This Georgia man’s beard is ranked No. 1 in the country

Shane Sheriff often grew a beard during the winter months and then shaved it all off come spring. But five years ago, he decided to toss his razors and let his hair keep growing, and growing.

Since then, Sheriff’s ginger beard has expanded into a thick, lustrous beard with plenty of length. Sheriff’s beard, in fact, now stretches past his belly button.

Sheriff, who lives in Dawsonville, has won several beard competitions, including taking first place in a "full beard natural" over 12 inch category at the 2016 Just for Men National Beard and Moustache Championships in NashvilleCompeting in the World Beard and Moustache Championships in Austin, Texas, in September, he finished 13th in the full beard natural category (of beards over 45.1 centimeters long — that means beards that are at least nearly 18 inches long).

Keeping his mane of hair highly competitive requires a specific regimen: high-quality shampoos and conditioners (he currently uses Redken) and a beard butter and beard oil (he uses Mountain Man Beard Products). He has to be careful when eating to avoid food getting stuck in the follicles, and he typically drinks through a straw.

The impressive beard gets a lot of attention. He often gets requests for photos.

“And when I am in the car, if stuck in traffic, people wave to me and say, ‘I love the beard,’” he said.

Sheriff, 48, said all of the attention has helped him be more sociable.

“I used to be shy and I would never go out of my way to speak to anyone,” he said. “But now I have to because I have people come up to me. … And now I absolutely like it.”

His wife, Tracy, is also a big fan of the beard.

“I absolutely love it,” she said. “Once it got to be a good length and out of that awkward stage and it started getting that full look, and it is very soft with the product he uses, I just fell in love with it.”

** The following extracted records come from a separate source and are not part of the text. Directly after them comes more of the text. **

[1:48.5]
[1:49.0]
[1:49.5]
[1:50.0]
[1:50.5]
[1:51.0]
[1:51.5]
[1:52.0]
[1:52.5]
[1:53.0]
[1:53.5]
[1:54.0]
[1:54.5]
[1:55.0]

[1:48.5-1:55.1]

She’s also enjoyed seeing how the follicles have transformed her husband’s demeanor.

“He is a big teddy bear and he has this nice personality. He used to be very quiet, but not anymore. He has really come out of his shell.”

Sheriff, a manager of an Airgas, a welding supply store, in Gainesville, and Tracy travel together for competitions, which they say have brought them closer.

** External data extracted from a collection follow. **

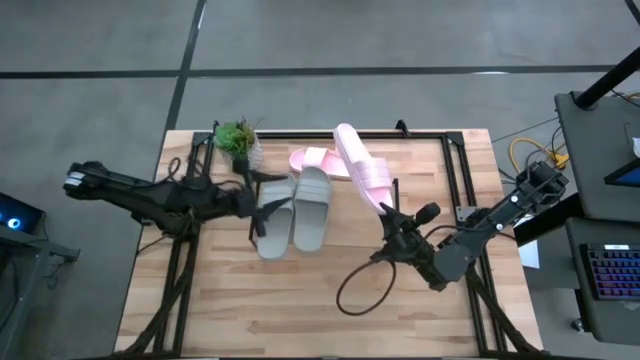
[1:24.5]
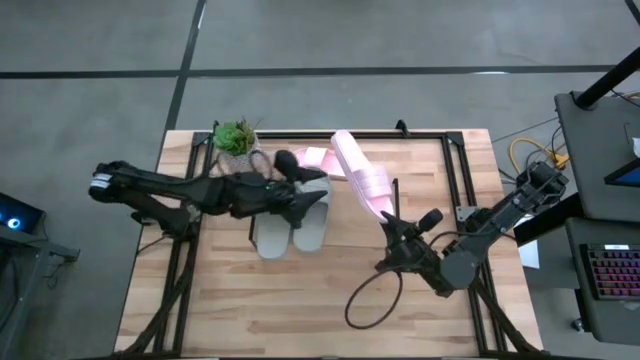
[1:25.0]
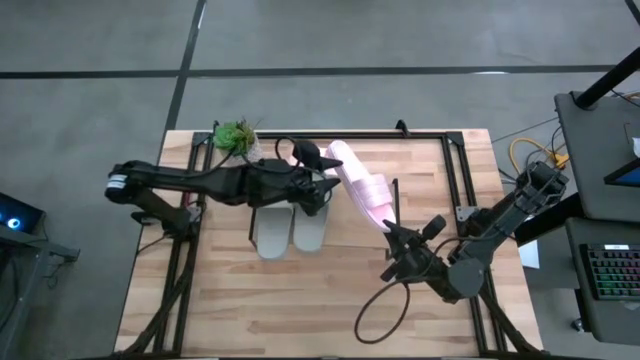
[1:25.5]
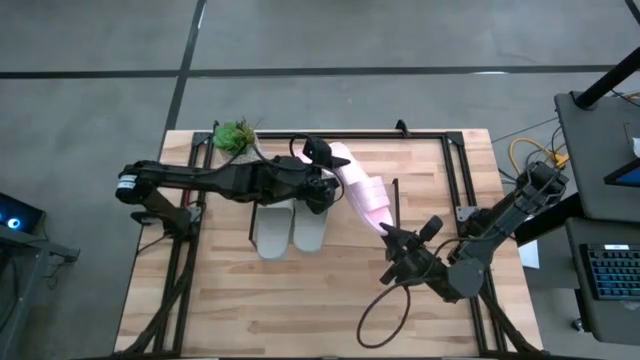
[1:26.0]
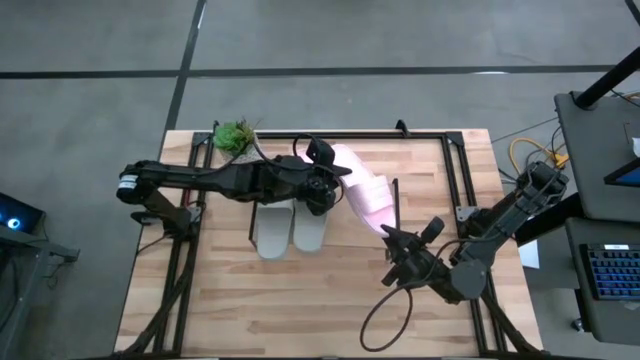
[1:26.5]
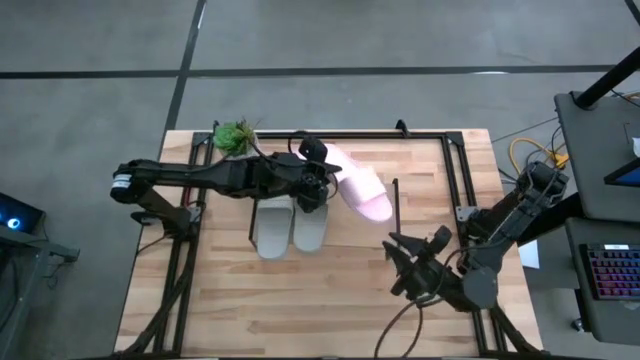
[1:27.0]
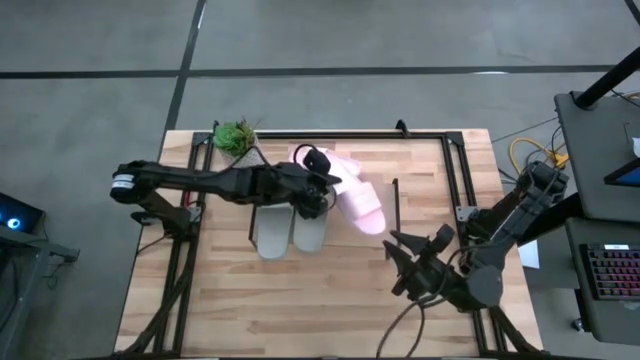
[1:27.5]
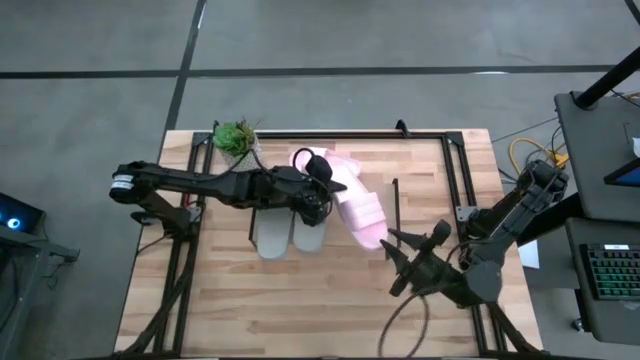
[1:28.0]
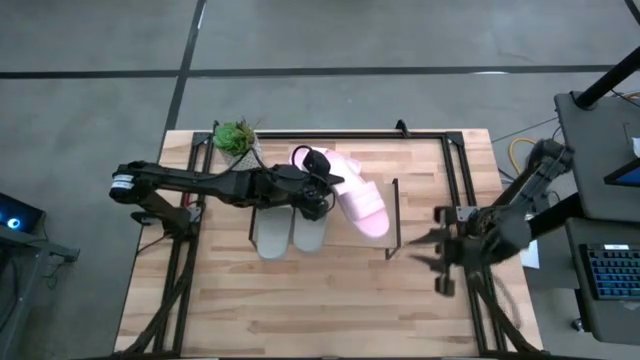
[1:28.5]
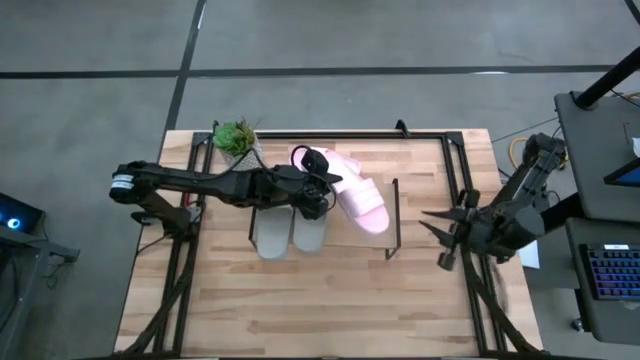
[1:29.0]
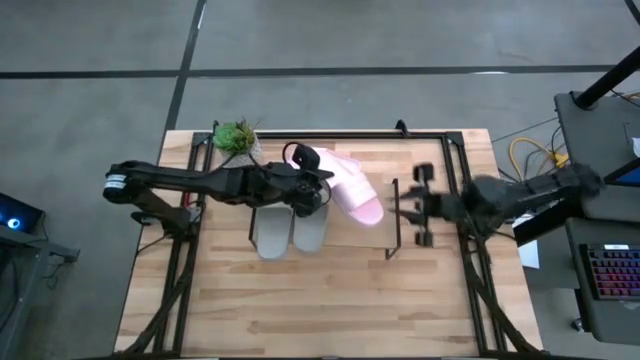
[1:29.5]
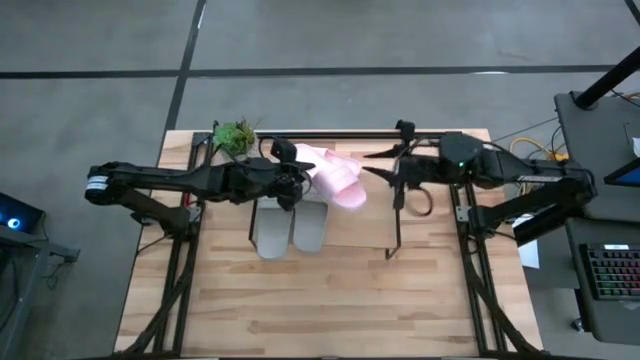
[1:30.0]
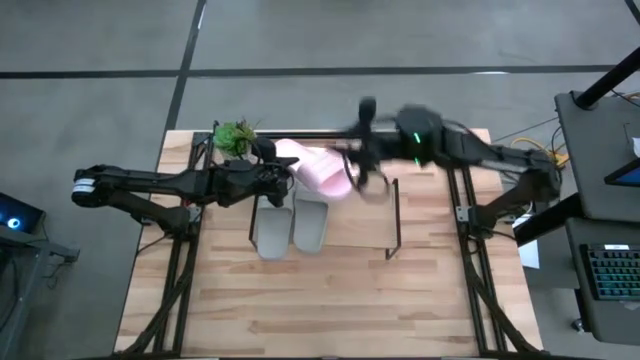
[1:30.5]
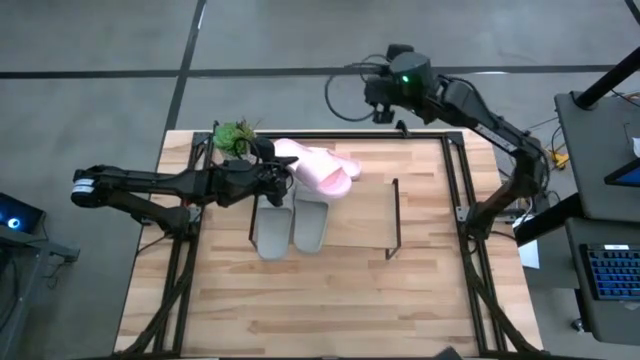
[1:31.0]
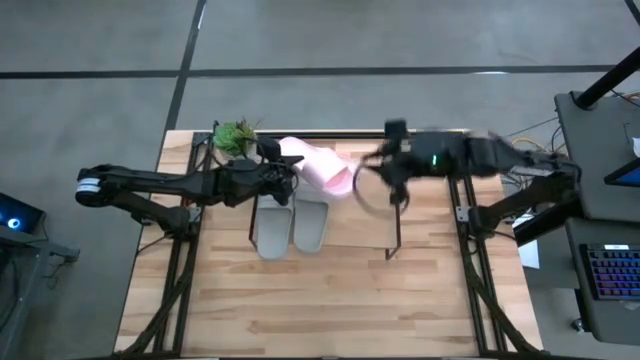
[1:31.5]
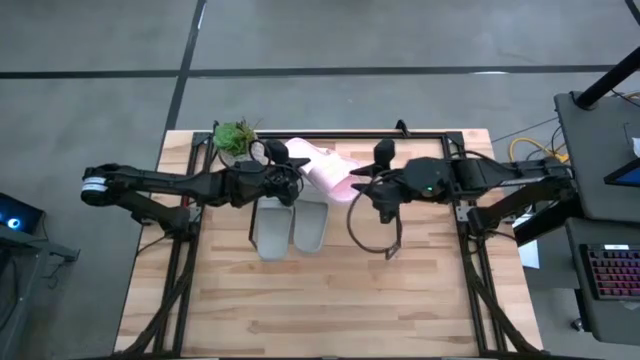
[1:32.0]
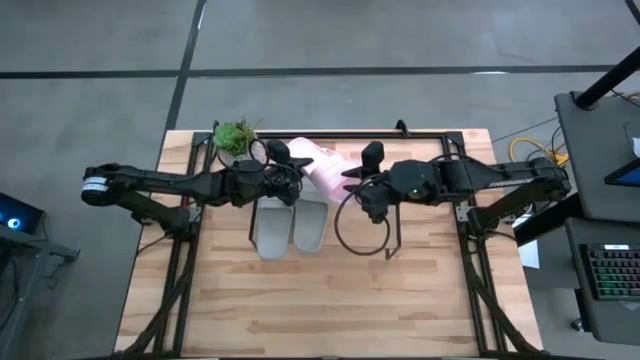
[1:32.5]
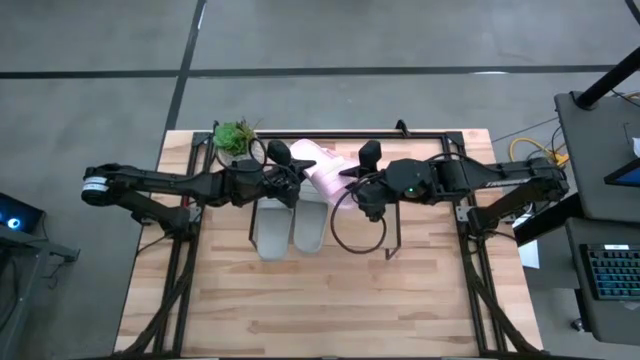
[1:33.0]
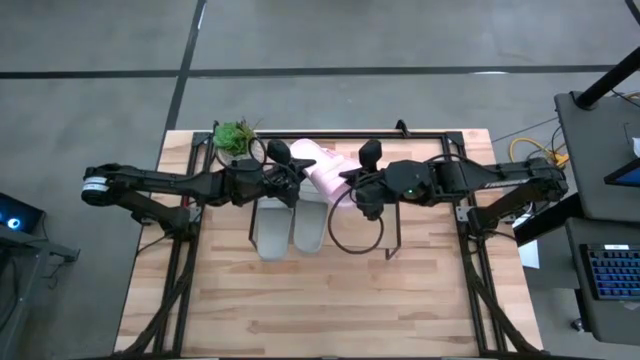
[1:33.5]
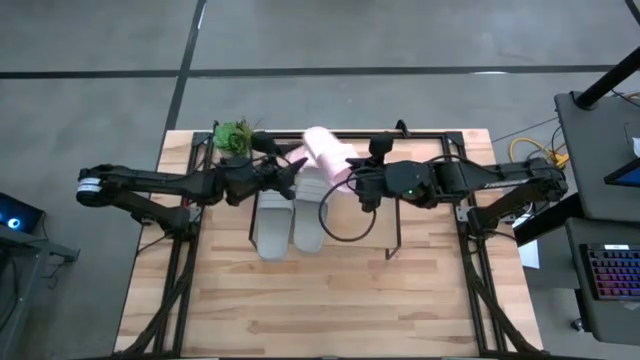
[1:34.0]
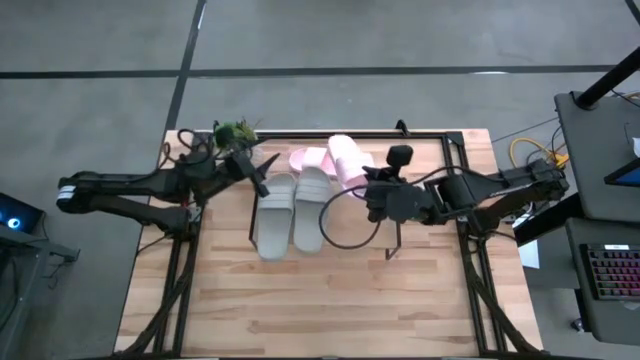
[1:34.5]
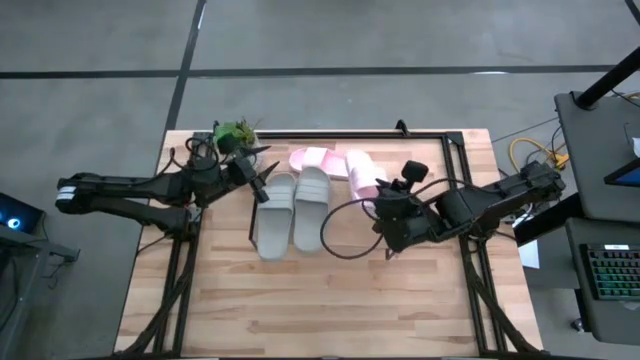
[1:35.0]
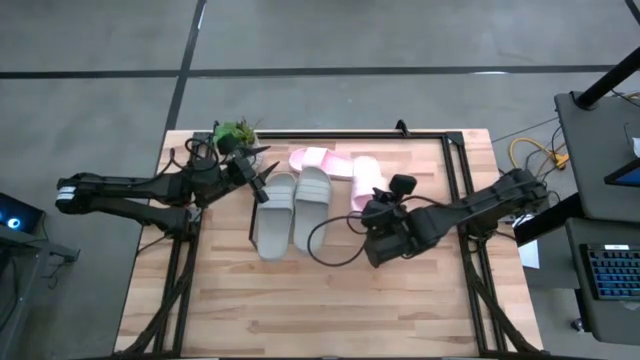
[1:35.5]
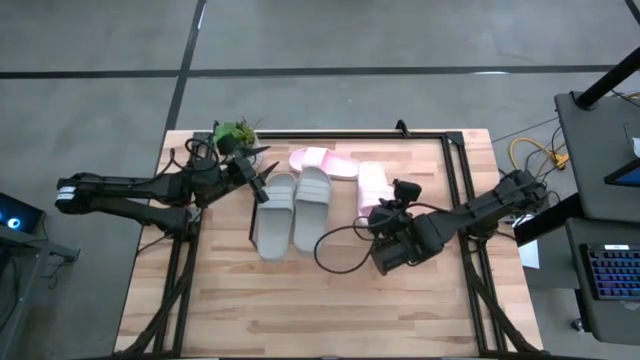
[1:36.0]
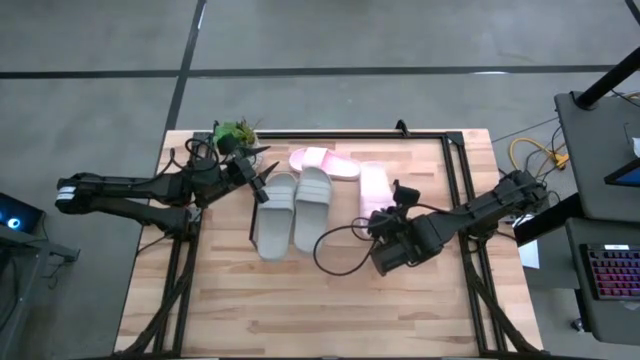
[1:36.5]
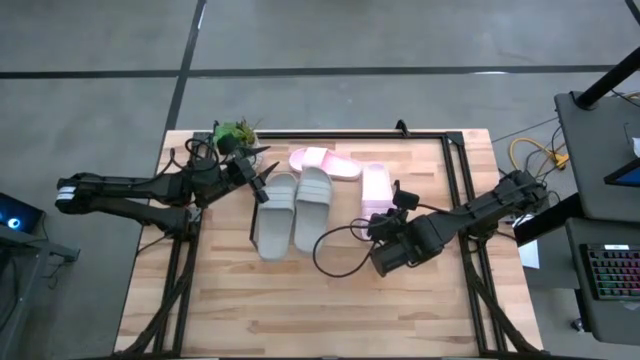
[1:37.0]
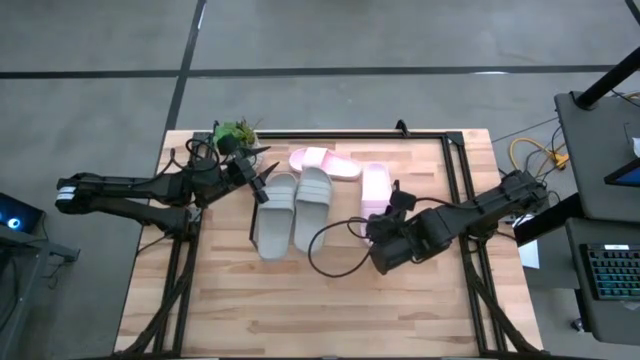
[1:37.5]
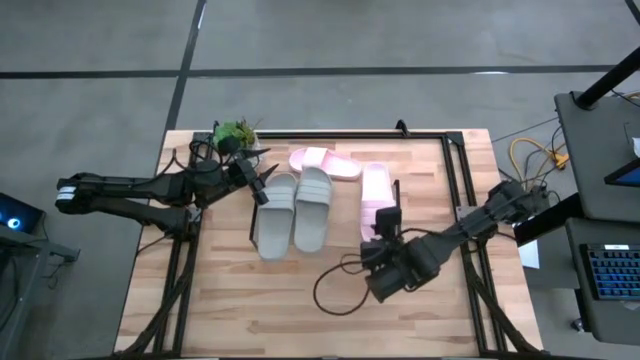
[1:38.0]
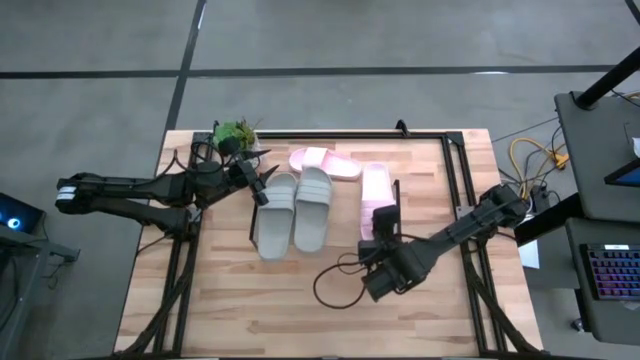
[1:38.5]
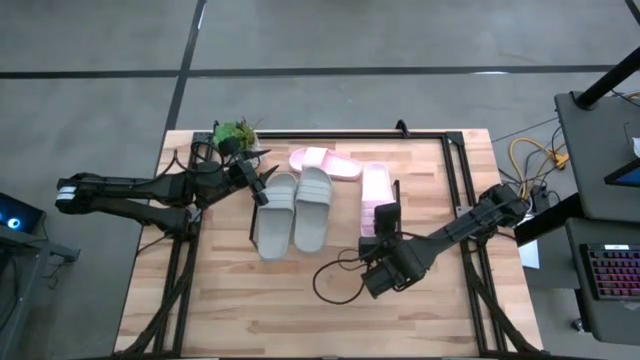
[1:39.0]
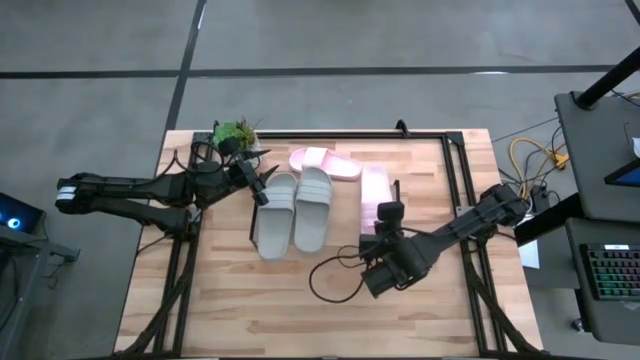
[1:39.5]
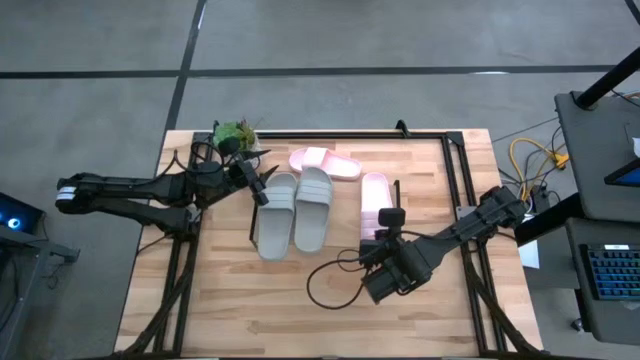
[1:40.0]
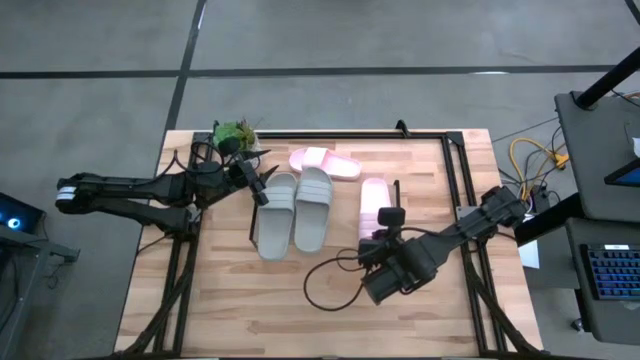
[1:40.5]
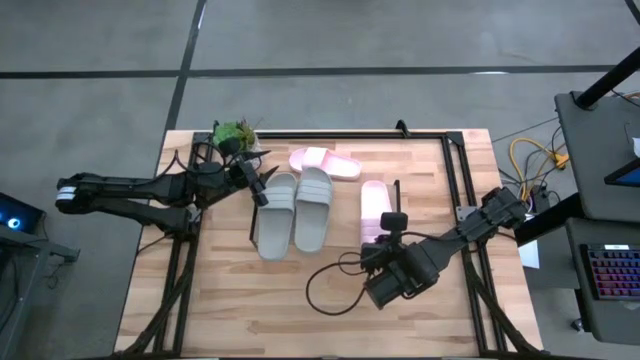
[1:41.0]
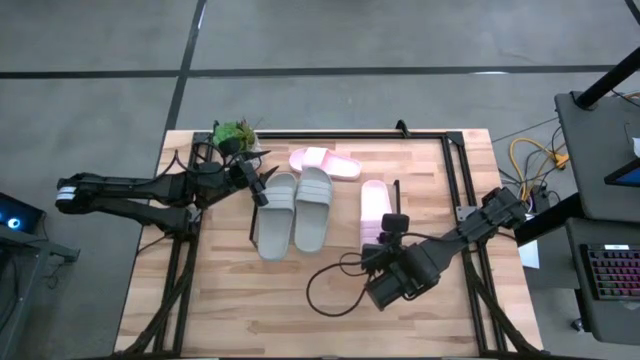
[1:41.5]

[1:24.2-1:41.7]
Task: Pick and place slides into the shelf
Put the bottom pink slide on the shelf

Tracy has also joined in on the fun as a “Whiskerina,” a woman who makes beards for the competition. She usually enters the “realistic” beard category, using real auburn brown hair (which she gets from hair salons), and using an adhesive to attach the hair to her face. She has won one competition, and finished fifth in the world competition in Austin.

Credit: Joseph Gladski IV

Credit: Joseph Gladski IV

Daniel "DC" Cunningham, president of the Marble City Whisker Society, which has a robust Facebook page for sharing growing tips, photos and events, said Sheriff is successful at winning because he shows well to the judges as well as interacting with the crowd.

Stage performance doesn’t technically help with your score, he said, but a competitor who plays to the crowd will typically do better than one who simply walks across the stage.

Cunningham, who judges beard competitions, said he looks at the color, width and fullness of the beard, and how the beard flows.

“Shane’s beard excels in all those elements,” Cunningham said in a Facebook message.

There are many competitions, as many as 50 across the country every year. Money raised typically goes to local charities, including organizations to feed the hungry and support veterans and cancer charities.

Sheriff said his beard continues to add length, and he hopes his long locks keep growing.

He noted the man who took first place in the world competition, “his beard was almost dragging the floor.”